** Work instruction **
Each record must be copied in full and unchanged; any image it holds is excluded.

########################################

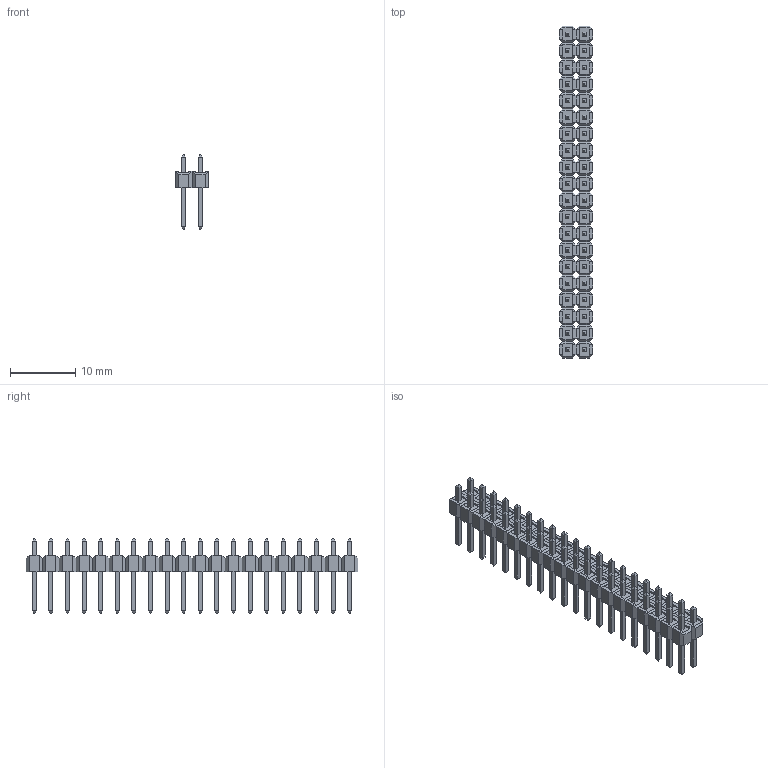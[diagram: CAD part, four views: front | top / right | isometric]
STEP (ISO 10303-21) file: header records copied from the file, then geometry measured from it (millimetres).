
FILE_DESCRIPTION(/* description */ (''),/* implementation_level */ '2;1');
FILE_NAME(/* name */ 'Pin Header 20 x 2 TH 2.54mm Pitch_stp.stp',/* time_stamp */ '2017-12-04T09:32:51-05:00',/* author */ (''),/* organization */ (''),/* preprocessor_version */ 'ST-DEVELOPER v15',/* originating_system */ 'SIEMENS PLM Software NX 9.0',/* authorisation */ '');
FILE_SCHEMA (('AUTOMOTIVE_DESIGN { 1 0 10303 214 3 1 1 1 }'));
Length unit declared in the file: inch
Products named in the file (1): Pin Header 20 x 2 TH 2.54mm Pitch_stp
Bounding box: 5.08 x 50.8 x 11.43 mm (x, y, z)
Volume: 696.6 mm3; surface area: 2693.5 mm2
Topology: 80 solids, 80 shells, 1360 faces, 3120 edges, 1920 vertices
Faces by surface type: plane 1360
Entity records: 46931 total; most frequent: CARTESIAN_POINT 6401, ORIENTED_EDGE 6240, DIRECTION 5842, EDGE_CURVE 3120, LINE 3120, VECTOR 3120, VERTEX_POINT 1920, EDGE_LOOP 1440
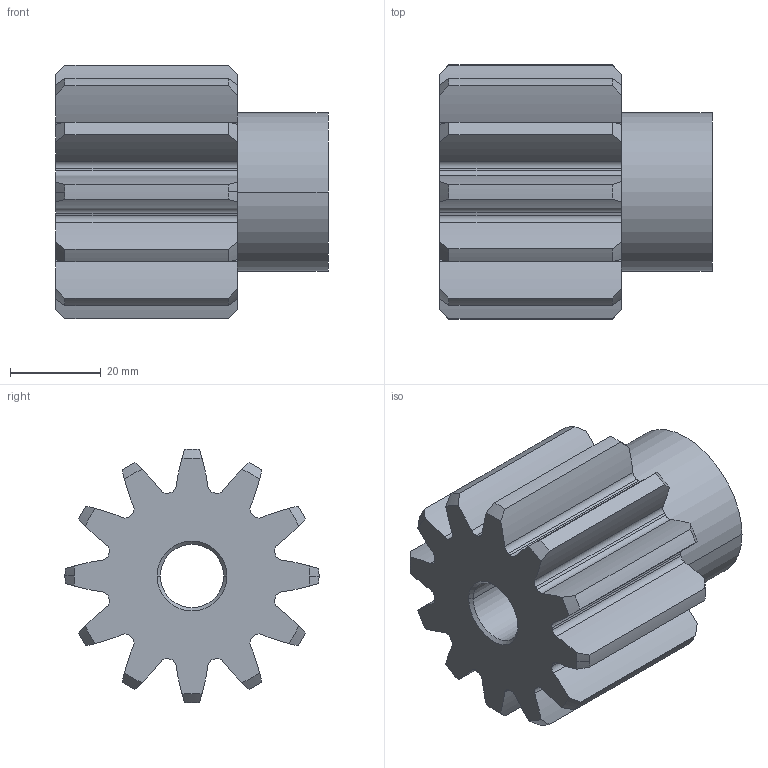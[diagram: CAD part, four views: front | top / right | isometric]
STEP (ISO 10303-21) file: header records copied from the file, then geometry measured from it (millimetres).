
FILE_DESCRIPTION(('STEP AP214'),'1');
FILE_NAME('gear_m4z12-a.stp','2017-04-16T21:45:46',('TraceParts'),('TraceParts S.A.'),'Spatial InterOp 3D',' ',' ');
FILE_SCHEMA(('automotive_design'));
Length unit declared in the file: millimetre
Products named in the file (1): gear_m4z12-a
Bounding box: 60 x 56 x 55.99 mm (x, y, z)
Volume: 79596.3 mm3; surface area: 19512.3 mm2
Topology: 1 solids, 1 shells, 111 faces, 320 edges, 212 vertices
Faces by surface type: cylinder 76, cone 32, plane 3
Entity records: 4802 total; most frequent: CARTESIAN_POINT 884, DIRECTION 684, ORIENTED_EDGE 640, EDGE_CURVE 320, AXIS2_PLACEMENT_3D 300, VERTEX_POINT 212, CIRCLE 188, EDGE_LOOP 114
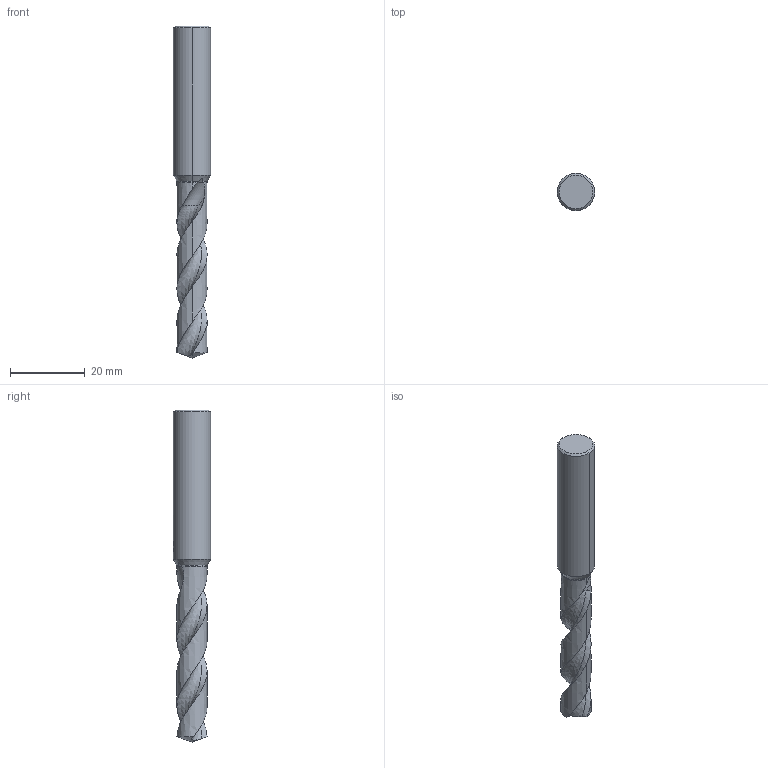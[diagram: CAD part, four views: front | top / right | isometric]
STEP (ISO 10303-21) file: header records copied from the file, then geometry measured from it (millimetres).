
FILE_DESCRIPTION(('no description'),'unknown implementation level');
FILE_NAME('solid6i5C1w3wOo2GXK1768quEp80lQA_1.STP',' ',('CIMSOURCE GmbH'),('CADClick - KiM GmbH - www.kimweb.de'),'unknown preprocess','ACIS','unknown authorization');
FILE_SCHEMA(('automotive_design'));
Length unit declared in the file: millimetre
Products named in the file (2): 1; 2
Bounding box: 10 x 10 x 89 mm (x, y, z)
Volume: 4702.4 mm3; surface area: 2819.5 mm2
Topology: 2 solids, 2 shells, 46 faces, 123 edges, 79 vertices
Faces by surface type: cylinder 14, cone 14, plane 8, revolution 6, bspline 4
Entity records: 6099 total; most frequent: CARTESIAN_POINT 3625, STYLED_ITEM 248, PRESENTATION_STYLE_ASSIGNMENT 248, COLOUR_RGB 248, ORIENTED_EDGE 242, DIRECTION 189, EDGE_CURVE 121, CURVE_STYLE 121
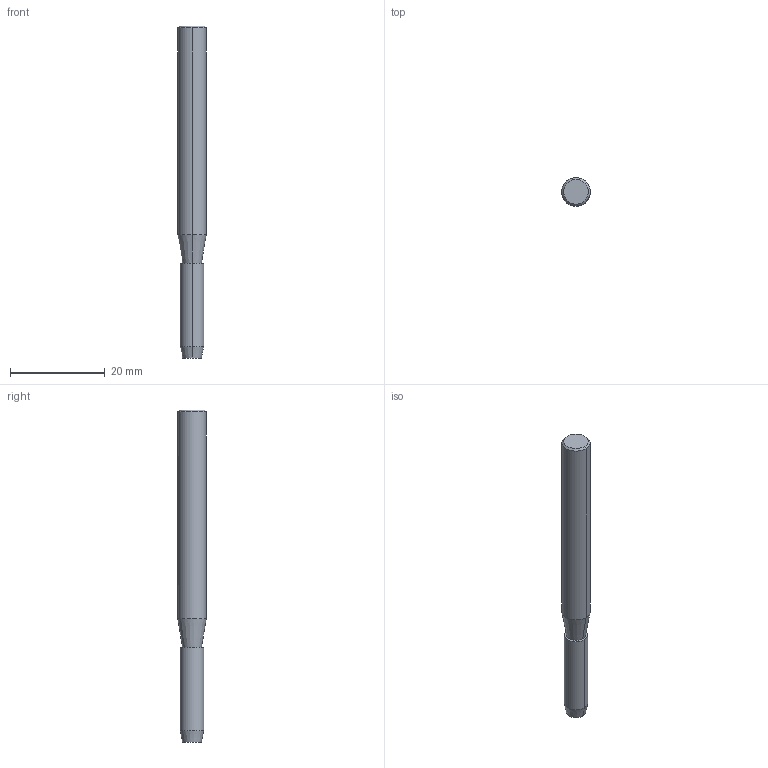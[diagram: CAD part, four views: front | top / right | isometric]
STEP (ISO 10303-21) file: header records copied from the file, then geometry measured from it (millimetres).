
FILE_DESCRIPTION(('no description'),'unknown implementation level');
FILE_NAME('48032149.stp',' ',('CIM GmbH Aachen'),('CADClick - KiM GmbH - www.kimweb.de'),'unknown preprocess','ACIS','unknown authorization');
FILE_SCHEMA(('automotive_design'));
Length unit declared in the file: millimetre
Products named in the file (2): 1; 2
Bounding box: 6 x 6 x 70 mm (x, y, z)
Volume: 1746.1 mm3; surface area: 1752.7 mm2
Topology: 2 solids, 2 shells, 35 faces, 81 edges, 50 vertices
Faces by surface type: cylinder 16, cone 10, plane 9
Entity records: 2176 total; most frequent: CARTESIAN_POINT 387, DIRECTION 177, STYLED_ITEM 168, PRESENTATION_STYLE_ASSIGNMENT 168, COLOUR_RGB 168, ORIENTED_EDGE 162, EDGE_CURVE 81, CURVE_STYLE 81

########################################

** Exercise answer **
[diagram: CAD part, four views: front | top / right | isometric]
STEP (ISO 10303-21) file: header records copied from the file, then geometry measured from it (millimetres).
FILE_DESCRIPTION(/* description */ (''),/* implementation_level */ '2;1');
FILE_NAME(/* name */ 'Pin Header 20 x 2 TH 2.54mm Pitch_stp.stp',/* time_stamp */ '2017-12-04T09:32:51-05:00',/* author */ (''),/* organization */ (''),/* preprocessor_version */ 'ST-DEVELOPER v15',/* originating_system */ 'SIEMENS PLM Software NX 9.0',/* authorisation */ '');
FILE_SCHEMA (('AUTOMOTIVE_DESIGN { 1 0 10303 214 3 1 1 1 }'));
Length unit declared in the file: inch
Products named in the file (1): Pin Header 20 x 2 TH 2.54mm Pitch_stp
Bounding box: 5.08 x 50.8 x 11.43 mm (x, y, z)
Volume: 696.6 mm3; surface area: 2693.5 mm2
Topology: 80 solids, 80 shells, 1360 faces, 3120 edges, 1920 vertices
Faces by surface type: plane 1360
Entity records: 46931 total; most frequent: CARTESIAN_POINT 6401, ORIENTED_EDGE 6240, DIRECTION 5842, EDGE_CURVE 3120, LINE 3120, VECTOR 3120, VERTEX_POINT 1920, EDGE_LOOP 1440
[diagram: CAD part, four views: front | top / right | isometric]
STEP (ISO 10303-21) file: header records copied from the file, then geometry measured from it (millimetres).
FILE_DESCRIPTION(('STEP AP214'),'1');
FILE_NAME('gear_m4z12-a.stp','2017-04-16T21:45:46',('TraceParts'),('TraceParts S.A.'),'Spatial InterOp 3D',' ',' ');
FILE_SCHEMA(('automotive_design'));
Length unit declared in the file: millimetre
Products named in the file (1): gear_m4z12-a
Bounding box: 60 x 56 x 55.99 mm (x, y, z)
Volume: 79596.3 mm3; surface area: 19512.3 mm2
Topology: 1 solids, 1 shells, 111 faces, 320 edges, 212 vertices
Faces by surface type: cylinder 76, cone 32, plane 3
Entity records: 4802 total; most frequent: CARTESIAN_POINT 884, DIRECTION 684, ORIENTED_EDGE 640, EDGE_CURVE 320, AXIS2_PLACEMENT_3D 300, VERTEX_POINT 212, CIRCLE 188, EDGE_LOOP 114
[diagram: CAD part, four views: front | top / right | isometric]
STEP (ISO 10303-21) file: header records copied from the file, then geometry measured from it (millimetres).
FILE_DESCRIPTION(('no description'),'unknown implementation level');
FILE_NAME('solid6i5C1w3wOo2GXK1768quEp80lQA_1.STP',' ',('CIMSOURCE GmbH'),('CADClick - KiM GmbH - www.kimweb.de'),'unknown preprocess','ACIS','unknown authorization');
FILE_SCHEMA(('automotive_design'));
Length unit declared in the file: millimetre
Products named in the file (2): 1; 2
Bounding box: 10 x 10 x 89 mm (x, y, z)
Volume: 4702.4 mm3; surface area: 2819.5 mm2
Topology: 2 solids, 2 shells, 46 faces, 123 edges, 79 vertices
Faces by surface type: cylinder 14, cone 14, plane 8, revolution 6, bspline 4
Entity records: 6099 total; most frequent: CARTESIAN_POINT 3625, STYLED_ITEM 248, PRESENTATION_STYLE_ASSIGNMENT 248, COLOUR_RGB 248, ORIENTED_EDGE 242, DIRECTION 189, EDGE_CURVE 121, CURVE_STYLE 121
[diagram: CAD part, four views: front | top / right | isometric]
STEP (ISO 10303-21) file: header records copied from the file, then geometry measured from it (millimetres).
FILE_DESCRIPTION(('no description'),'unknown implementation level');
FILE_NAME('48032149.stp',' ',('CIM GmbH Aachen'),('CADClick - KiM GmbH - www.kimweb.de'),'unknown preprocess','ACIS','unknown authorization');
FILE_SCHEMA(('automotive_design'));
Length unit declared in the file: millimetre
Products named in the file (2): 1; 2
Bounding box: 6 x 6 x 70 mm (x, y, z)
Volume: 1746.1 mm3; surface area: 1752.7 mm2
Topology: 2 solids, 2 shells, 35 faces, 81 edges, 50 vertices
Faces by surface type: cylinder 16, cone 10, plane 9
Entity records: 2176 total; most frequent: CARTESIAN_POINT 387, DIRECTION 177, STYLED_ITEM 168, PRESENTATION_STYLE_ASSIGNMENT 168, COLOUR_RGB 168, ORIENTED_EDGE 162, EDGE_CURVE 81, CURVE_STYLE 81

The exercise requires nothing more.